Repeat exactly, and only, the lines of the entries below from the one with "11: out_addr = 9'd416;" through the one with "63: out_addr = 9'd504;", both ends included.

MATERIAL PROVIDED section start

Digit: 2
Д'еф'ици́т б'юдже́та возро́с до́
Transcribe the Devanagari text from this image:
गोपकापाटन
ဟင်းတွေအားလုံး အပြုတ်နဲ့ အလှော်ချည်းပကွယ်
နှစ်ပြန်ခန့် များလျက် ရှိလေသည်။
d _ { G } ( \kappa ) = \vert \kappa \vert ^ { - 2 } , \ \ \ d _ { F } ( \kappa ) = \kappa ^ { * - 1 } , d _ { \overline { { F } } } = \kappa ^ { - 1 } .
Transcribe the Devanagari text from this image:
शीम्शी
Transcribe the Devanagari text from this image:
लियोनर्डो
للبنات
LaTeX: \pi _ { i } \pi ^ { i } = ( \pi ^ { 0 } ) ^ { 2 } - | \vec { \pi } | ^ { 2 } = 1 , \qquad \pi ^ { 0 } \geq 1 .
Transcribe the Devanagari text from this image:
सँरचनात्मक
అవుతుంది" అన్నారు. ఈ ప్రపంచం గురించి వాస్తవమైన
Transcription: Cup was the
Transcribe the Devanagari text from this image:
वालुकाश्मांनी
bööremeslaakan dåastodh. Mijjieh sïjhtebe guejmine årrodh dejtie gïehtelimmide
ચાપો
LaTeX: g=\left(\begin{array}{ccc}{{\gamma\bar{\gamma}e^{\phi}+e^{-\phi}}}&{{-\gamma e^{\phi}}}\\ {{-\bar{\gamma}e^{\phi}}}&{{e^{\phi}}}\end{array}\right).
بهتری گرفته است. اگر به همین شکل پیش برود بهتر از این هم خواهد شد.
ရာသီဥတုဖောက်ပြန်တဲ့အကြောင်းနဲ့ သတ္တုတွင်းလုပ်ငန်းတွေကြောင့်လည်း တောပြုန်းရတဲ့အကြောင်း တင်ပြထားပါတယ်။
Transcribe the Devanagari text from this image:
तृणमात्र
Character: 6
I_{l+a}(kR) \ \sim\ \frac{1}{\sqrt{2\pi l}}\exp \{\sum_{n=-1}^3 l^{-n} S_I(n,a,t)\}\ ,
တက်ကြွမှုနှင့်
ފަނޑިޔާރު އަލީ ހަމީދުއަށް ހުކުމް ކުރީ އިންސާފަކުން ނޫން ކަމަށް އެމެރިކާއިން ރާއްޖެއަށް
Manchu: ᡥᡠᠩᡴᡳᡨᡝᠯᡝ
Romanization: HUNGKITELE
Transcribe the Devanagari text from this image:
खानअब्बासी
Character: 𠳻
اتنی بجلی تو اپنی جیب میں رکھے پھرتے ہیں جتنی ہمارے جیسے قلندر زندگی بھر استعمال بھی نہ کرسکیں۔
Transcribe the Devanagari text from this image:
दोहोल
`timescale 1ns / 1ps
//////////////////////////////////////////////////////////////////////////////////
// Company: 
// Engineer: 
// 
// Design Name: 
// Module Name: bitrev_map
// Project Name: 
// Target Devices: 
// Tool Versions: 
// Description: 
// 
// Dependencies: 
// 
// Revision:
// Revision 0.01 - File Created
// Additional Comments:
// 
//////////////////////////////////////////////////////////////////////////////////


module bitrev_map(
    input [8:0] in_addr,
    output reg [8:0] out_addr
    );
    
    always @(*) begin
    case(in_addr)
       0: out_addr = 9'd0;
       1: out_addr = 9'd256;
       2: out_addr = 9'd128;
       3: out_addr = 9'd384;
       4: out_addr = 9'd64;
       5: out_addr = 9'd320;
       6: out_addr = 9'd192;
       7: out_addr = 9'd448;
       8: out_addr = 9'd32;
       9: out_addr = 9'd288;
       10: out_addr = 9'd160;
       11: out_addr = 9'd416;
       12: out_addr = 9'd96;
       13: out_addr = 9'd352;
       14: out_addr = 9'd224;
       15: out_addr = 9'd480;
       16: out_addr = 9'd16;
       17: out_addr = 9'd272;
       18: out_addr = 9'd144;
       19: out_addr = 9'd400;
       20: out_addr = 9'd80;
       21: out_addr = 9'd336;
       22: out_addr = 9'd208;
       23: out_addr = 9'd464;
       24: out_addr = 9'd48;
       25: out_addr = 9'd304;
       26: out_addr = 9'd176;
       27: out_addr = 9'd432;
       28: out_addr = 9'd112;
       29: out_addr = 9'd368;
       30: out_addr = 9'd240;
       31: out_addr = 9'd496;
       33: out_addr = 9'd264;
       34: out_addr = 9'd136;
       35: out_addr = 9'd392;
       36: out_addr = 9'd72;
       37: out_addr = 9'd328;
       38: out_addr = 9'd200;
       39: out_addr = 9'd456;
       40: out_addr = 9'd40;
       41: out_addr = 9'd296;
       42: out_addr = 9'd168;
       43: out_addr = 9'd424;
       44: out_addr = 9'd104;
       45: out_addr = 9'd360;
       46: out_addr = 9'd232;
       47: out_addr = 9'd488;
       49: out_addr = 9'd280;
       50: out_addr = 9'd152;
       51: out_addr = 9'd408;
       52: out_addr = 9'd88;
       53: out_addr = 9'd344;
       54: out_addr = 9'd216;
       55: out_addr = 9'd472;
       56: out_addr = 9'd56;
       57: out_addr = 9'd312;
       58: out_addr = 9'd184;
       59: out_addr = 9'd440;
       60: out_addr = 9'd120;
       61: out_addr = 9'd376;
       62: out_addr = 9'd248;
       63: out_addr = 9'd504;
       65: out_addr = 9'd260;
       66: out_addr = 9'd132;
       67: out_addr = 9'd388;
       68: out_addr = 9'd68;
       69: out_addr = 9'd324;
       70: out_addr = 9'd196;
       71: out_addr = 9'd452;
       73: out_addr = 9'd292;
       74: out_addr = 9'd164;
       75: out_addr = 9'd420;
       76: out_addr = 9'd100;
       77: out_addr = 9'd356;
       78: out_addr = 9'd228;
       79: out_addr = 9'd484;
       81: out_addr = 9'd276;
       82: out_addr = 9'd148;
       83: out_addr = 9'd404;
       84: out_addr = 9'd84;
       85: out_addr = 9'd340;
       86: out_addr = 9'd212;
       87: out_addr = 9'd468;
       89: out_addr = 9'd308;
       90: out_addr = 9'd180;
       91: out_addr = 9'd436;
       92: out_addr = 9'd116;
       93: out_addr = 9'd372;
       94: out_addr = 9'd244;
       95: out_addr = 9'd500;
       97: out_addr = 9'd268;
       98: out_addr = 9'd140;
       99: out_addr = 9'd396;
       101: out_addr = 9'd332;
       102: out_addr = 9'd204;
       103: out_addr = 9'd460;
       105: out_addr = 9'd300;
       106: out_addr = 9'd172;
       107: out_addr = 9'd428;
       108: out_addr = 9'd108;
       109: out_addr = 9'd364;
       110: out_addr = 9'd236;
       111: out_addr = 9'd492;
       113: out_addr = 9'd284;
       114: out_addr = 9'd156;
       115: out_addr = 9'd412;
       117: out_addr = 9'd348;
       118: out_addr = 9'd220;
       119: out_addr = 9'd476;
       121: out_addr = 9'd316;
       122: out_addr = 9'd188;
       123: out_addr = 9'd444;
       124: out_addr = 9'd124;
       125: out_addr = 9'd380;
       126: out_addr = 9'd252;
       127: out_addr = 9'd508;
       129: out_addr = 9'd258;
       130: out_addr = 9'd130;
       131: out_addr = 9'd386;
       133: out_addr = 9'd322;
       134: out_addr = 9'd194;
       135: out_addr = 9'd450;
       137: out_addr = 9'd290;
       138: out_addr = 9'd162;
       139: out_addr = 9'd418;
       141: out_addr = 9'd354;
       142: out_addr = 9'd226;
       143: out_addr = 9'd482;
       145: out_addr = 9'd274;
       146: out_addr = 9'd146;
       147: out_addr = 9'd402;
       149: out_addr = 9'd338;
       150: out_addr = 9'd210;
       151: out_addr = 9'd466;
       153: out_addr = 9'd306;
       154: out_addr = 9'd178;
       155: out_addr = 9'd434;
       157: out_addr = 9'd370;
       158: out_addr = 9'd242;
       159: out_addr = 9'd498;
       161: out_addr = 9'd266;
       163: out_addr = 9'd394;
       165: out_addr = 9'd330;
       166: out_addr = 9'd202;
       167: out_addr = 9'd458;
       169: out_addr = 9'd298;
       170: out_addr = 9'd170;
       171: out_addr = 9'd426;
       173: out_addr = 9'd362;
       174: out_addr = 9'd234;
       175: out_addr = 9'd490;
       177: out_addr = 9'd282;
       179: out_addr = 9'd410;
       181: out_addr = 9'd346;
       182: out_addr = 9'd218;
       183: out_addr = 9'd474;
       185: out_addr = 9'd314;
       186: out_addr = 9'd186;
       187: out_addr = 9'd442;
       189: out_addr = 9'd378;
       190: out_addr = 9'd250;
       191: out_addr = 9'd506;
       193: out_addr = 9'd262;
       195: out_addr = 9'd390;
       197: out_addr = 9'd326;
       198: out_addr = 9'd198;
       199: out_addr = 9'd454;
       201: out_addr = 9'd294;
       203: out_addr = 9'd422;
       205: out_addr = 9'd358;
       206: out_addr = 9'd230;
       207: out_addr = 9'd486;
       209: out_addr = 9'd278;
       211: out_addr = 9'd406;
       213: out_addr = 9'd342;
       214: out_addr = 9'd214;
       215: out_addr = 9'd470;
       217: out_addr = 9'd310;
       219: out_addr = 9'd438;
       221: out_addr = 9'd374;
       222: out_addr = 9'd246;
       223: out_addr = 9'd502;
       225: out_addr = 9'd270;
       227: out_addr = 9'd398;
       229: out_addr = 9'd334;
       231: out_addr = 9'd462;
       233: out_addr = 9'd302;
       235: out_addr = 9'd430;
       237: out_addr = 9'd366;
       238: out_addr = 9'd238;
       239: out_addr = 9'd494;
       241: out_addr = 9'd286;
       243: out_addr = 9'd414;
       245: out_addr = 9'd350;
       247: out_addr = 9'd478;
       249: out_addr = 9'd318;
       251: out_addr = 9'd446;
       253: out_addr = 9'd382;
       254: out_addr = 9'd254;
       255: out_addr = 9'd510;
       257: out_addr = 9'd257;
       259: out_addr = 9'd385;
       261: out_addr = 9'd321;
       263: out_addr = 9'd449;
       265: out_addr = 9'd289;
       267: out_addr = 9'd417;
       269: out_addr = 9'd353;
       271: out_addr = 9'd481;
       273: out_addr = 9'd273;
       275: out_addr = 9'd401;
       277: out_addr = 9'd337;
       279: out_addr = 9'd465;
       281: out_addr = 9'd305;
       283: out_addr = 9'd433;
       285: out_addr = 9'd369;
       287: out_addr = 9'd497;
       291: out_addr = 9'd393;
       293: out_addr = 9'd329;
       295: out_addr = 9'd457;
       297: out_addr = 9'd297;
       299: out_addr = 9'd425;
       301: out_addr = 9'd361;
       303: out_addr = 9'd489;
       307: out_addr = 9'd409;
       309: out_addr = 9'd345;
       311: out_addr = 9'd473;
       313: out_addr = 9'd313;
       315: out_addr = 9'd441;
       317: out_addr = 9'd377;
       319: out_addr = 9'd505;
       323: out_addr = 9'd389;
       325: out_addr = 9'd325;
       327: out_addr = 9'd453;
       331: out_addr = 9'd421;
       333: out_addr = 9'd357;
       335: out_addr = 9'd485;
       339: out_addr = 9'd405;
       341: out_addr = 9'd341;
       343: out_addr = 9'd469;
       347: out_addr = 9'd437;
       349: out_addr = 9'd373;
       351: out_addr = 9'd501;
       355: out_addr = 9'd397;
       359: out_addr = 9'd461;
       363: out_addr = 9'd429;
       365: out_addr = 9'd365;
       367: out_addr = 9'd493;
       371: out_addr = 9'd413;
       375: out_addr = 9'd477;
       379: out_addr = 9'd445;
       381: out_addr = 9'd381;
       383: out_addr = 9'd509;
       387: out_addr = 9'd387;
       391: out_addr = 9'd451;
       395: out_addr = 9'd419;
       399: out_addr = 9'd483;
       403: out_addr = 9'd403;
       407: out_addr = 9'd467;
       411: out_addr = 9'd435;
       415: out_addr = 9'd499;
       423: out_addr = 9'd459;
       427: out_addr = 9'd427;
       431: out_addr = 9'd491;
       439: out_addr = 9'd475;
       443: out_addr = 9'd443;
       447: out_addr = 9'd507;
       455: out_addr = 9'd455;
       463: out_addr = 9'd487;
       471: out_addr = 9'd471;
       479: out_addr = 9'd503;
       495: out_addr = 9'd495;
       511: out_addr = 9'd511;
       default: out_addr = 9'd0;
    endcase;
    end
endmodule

MATERIAL PROVIDED section end

RESPONSE TO THE TASK →
       11: out_addr = 9'd416;
       12: out_addr = 9'd96;
       13: out_addr = 9'd352;
       14: out_addr = 9'd224;
       15: out_addr = 9'd480;
       16: out_addr = 9'd16;
       17: out_addr = 9'd272;
       18: out_addr = 9'd144;
       19: out_addr = 9'd400;
       20: out_addr = 9'd80;
       21: out_addr = 9'd336;
       22: out_addr = 9'd208;
       23: out_addr = 9'd464;
       24: out_addr = 9'd48;
       25: out_addr = 9'd304;
       26: out_addr = 9'd176;
       27: out_addr = 9'd432;
       28: out_addr = 9'd112;
       29: out_addr = 9'd368;
       30: out_addr = 9'd240;
       31: out_addr = 9'd496;
       33: out_addr = 9'd264;
       34: out_addr = 9'd136;
       35: out_addr = 9'd392;
       36: out_addr = 9'd72;
       37: out_addr = 9'd328;
       38: out_addr = 9'd200;
       39: out_addr = 9'd456;
       40: out_addr = 9'd40;
       41: out_addr = 9'd296;
       42: out_addr = 9'd168;
       43: out_addr = 9'd424;
       44: out_addr = 9'd104;
       45: out_addr = 9'd360;
       46: out_addr = 9'd232;
       47: out_addr = 9'd488;
       49: out_addr = 9'd280;
       50: out_addr = 9'd152;
       51: out_addr = 9'd408;
       52: out_addr = 9'd88;
       53: out_addr = 9'd344;
       54: out_addr = 9'd216;
       55: out_addr = 9'd472;
       56: out_addr = 9'd56;
       57: out_addr = 9'd312;
       58: out_addr = 9'd184;
       59: out_addr = 9'd440;
       60: out_addr = 9'd120;
       61: out_addr = 9'd376;
       62: out_addr = 9'd248;
       63: out_addr = 9'd504;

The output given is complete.